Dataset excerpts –
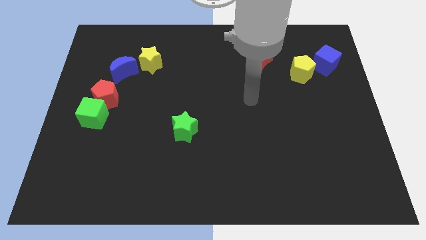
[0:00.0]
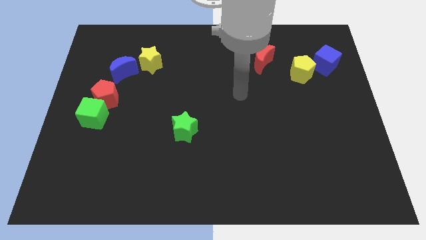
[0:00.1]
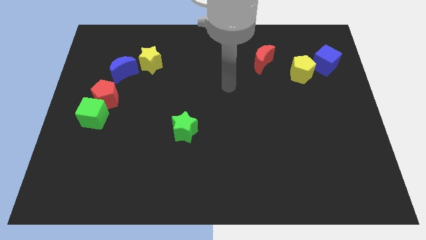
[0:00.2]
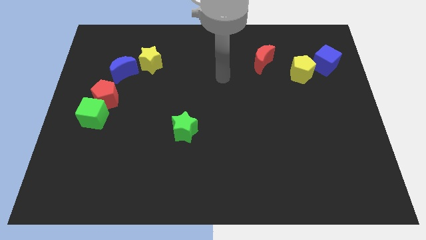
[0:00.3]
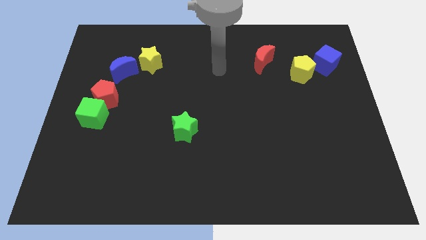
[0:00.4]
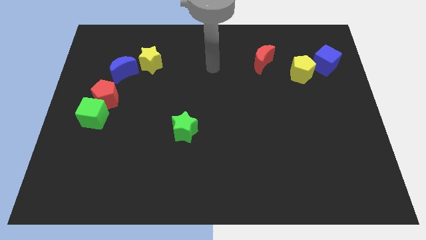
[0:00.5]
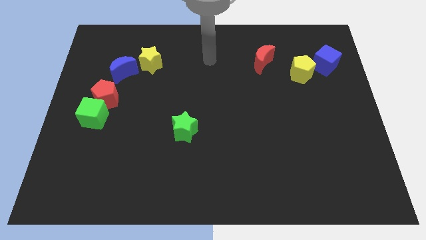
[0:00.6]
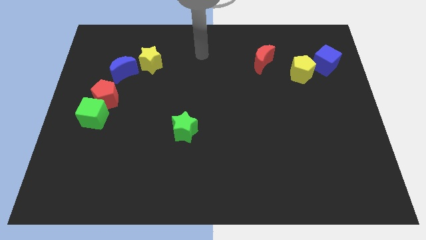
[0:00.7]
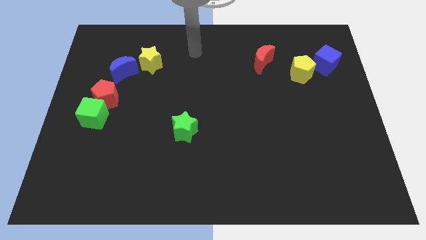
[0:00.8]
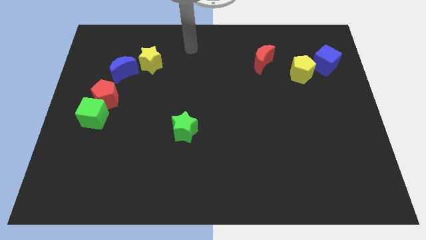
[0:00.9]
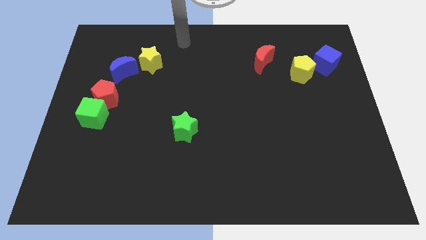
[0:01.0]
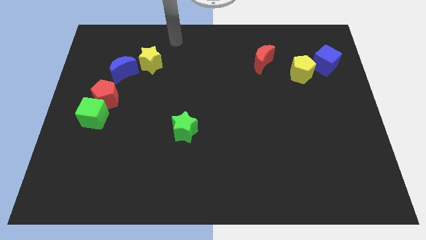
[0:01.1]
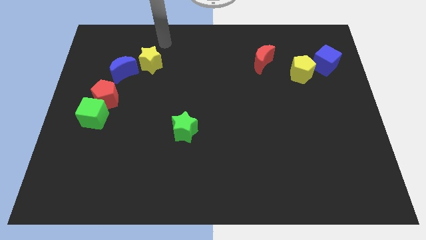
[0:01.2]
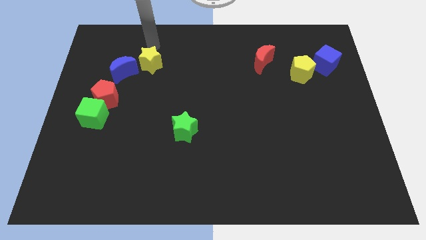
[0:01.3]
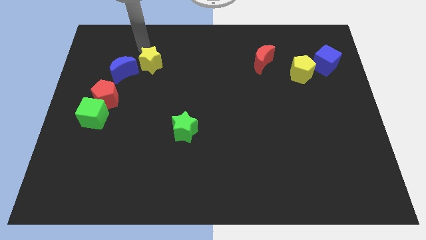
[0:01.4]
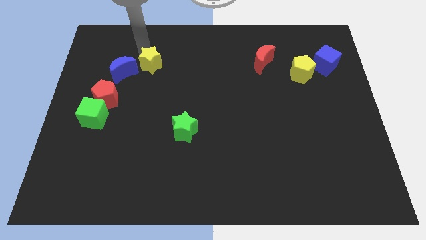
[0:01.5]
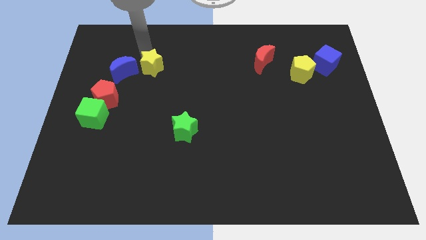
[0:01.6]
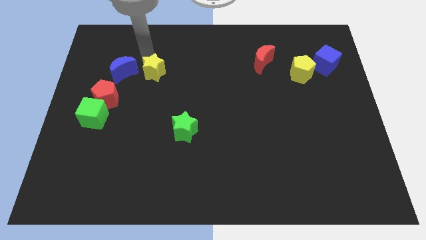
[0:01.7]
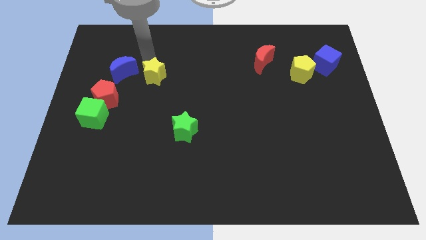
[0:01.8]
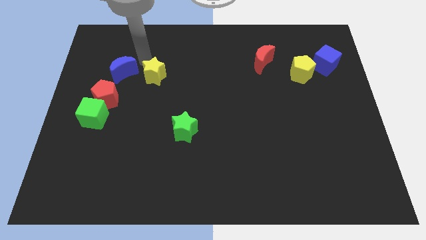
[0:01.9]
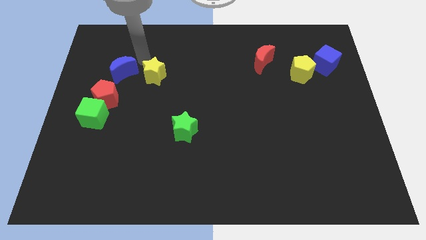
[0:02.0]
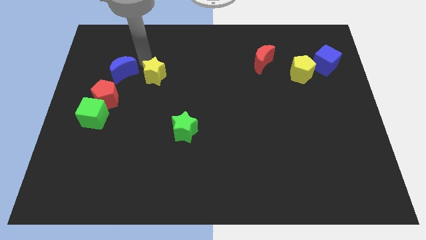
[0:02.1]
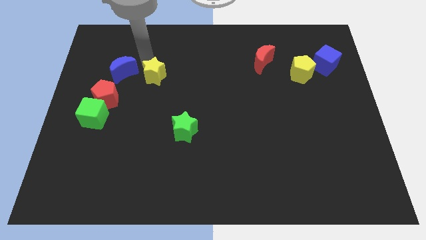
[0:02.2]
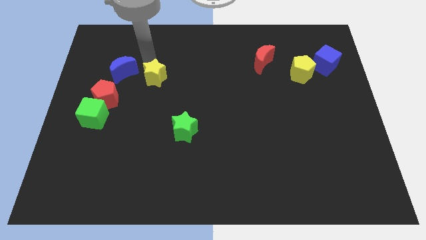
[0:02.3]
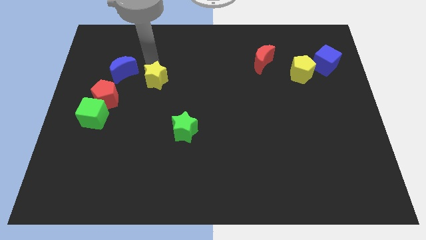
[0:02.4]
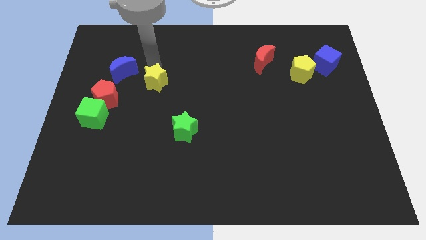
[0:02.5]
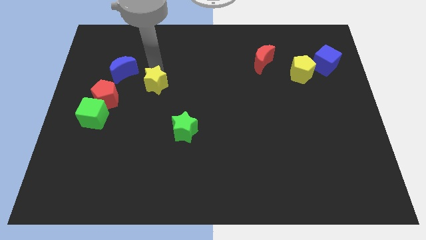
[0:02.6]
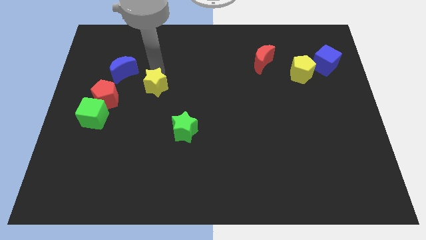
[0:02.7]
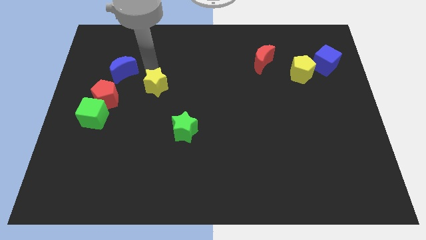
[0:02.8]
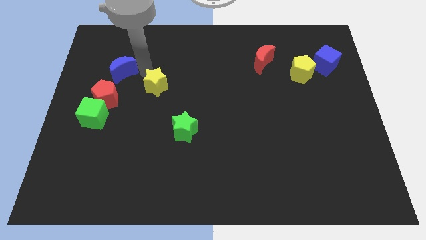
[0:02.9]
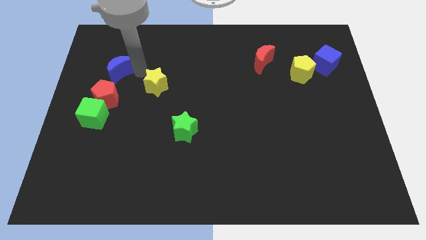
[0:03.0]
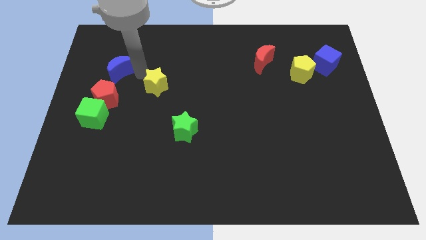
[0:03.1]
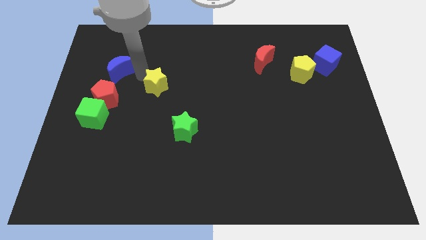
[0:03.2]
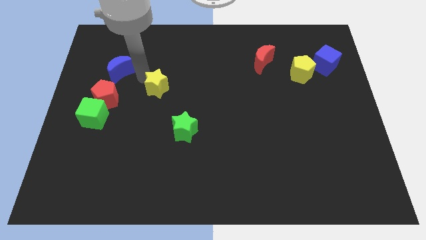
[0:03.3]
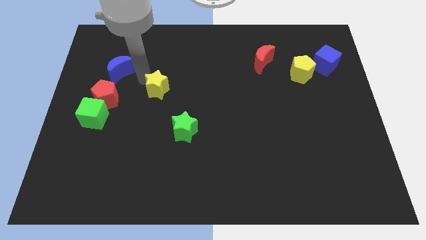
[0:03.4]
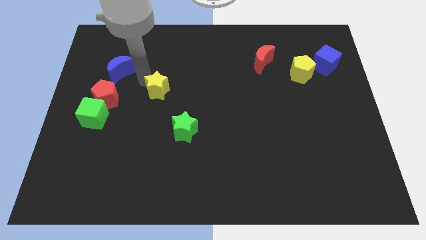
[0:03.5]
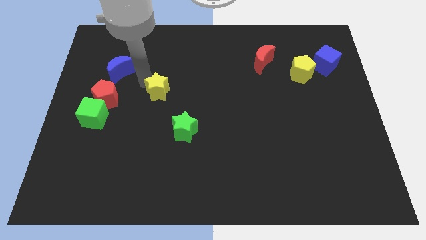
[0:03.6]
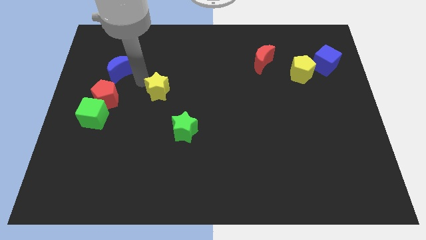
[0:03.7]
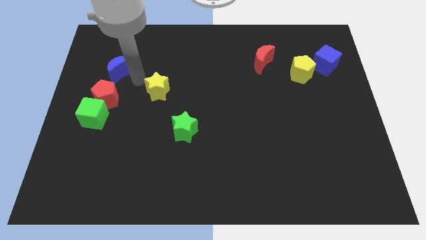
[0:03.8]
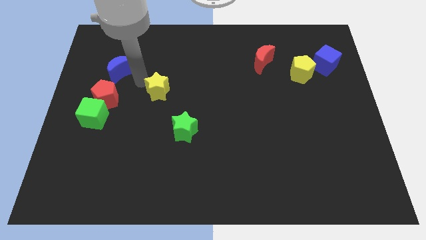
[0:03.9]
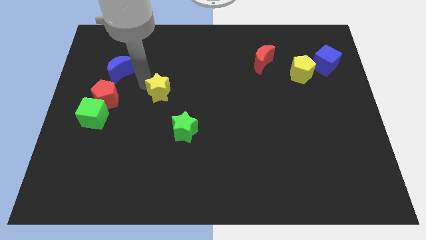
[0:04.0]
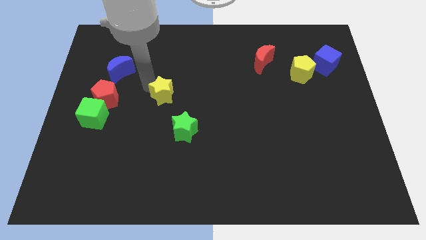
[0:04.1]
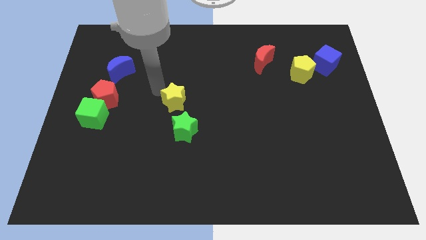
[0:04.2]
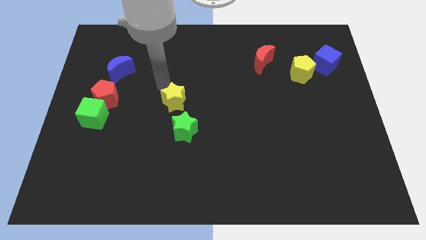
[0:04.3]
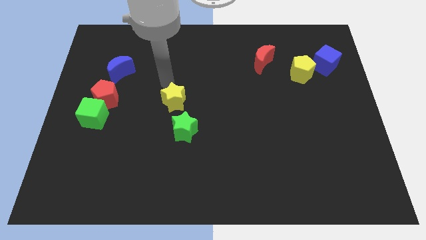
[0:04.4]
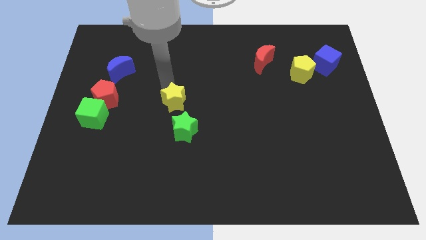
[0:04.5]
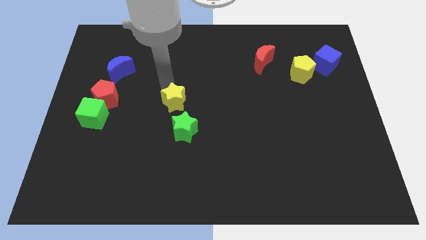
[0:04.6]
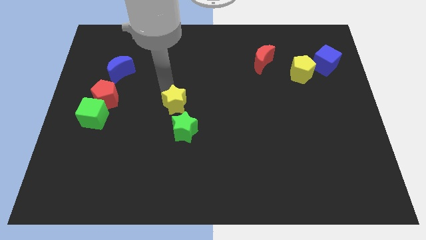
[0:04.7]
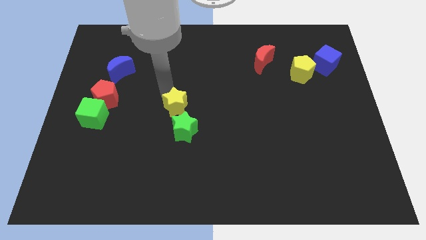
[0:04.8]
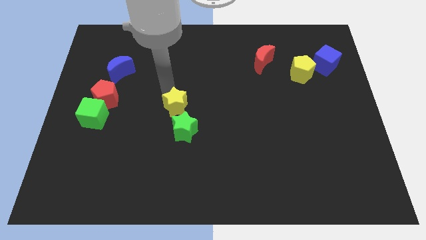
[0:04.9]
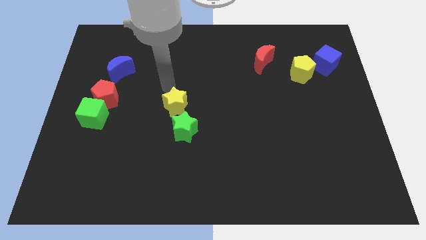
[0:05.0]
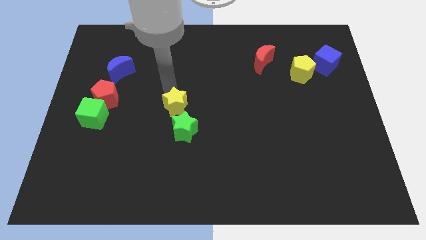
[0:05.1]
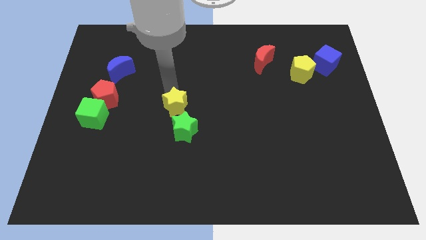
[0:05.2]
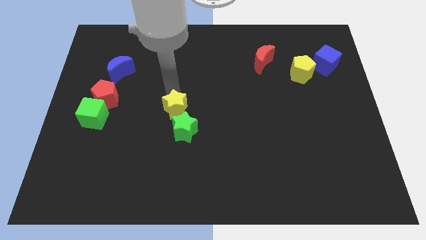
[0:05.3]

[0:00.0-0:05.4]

Problem description –
Please print out the entries above exactly. The pictures stay out.

Answer to this problem –
[0:00.0]
[0:00.1]
[0:00.2]
[0:00.3]
[0:00.4]
[0:00.5]
[0:00.6]
[0:00.7]
[0:00.8]
[0:00.9]
[0:01.0]
[0:01.1]
[0:01.2]
[0:01.3]
[0:01.4]
[0:01.5]
[0:01.6]
[0:01.7]
[0:01.8]
[0:01.9]
[0:02.0]
[0:02.1]
[0:02.2]
[0:02.3]
[0:02.4]
[0:02.5]
[0:02.6]
[0:02.7]
[0:02.8]
[0:02.9]
[0:03.0]
[0:03.1]
[0:03.2]
[0:03.3]
[0:03.4]
[0:03.5]
[0:03.6]
[0:03.7]
[0:03.8]
[0:03.9]
[0:04.0]
[0:04.1]
[0:04.2]
[0:04.3]
[0:04.4]
[0:04.5]
[0:04.6]
[0:04.7]
[0:04.8]
[0:04.9]
[0:05.0]
[0:05.1]
[0:05.2]
[0:05.3]

[0:00.0-0:05.4]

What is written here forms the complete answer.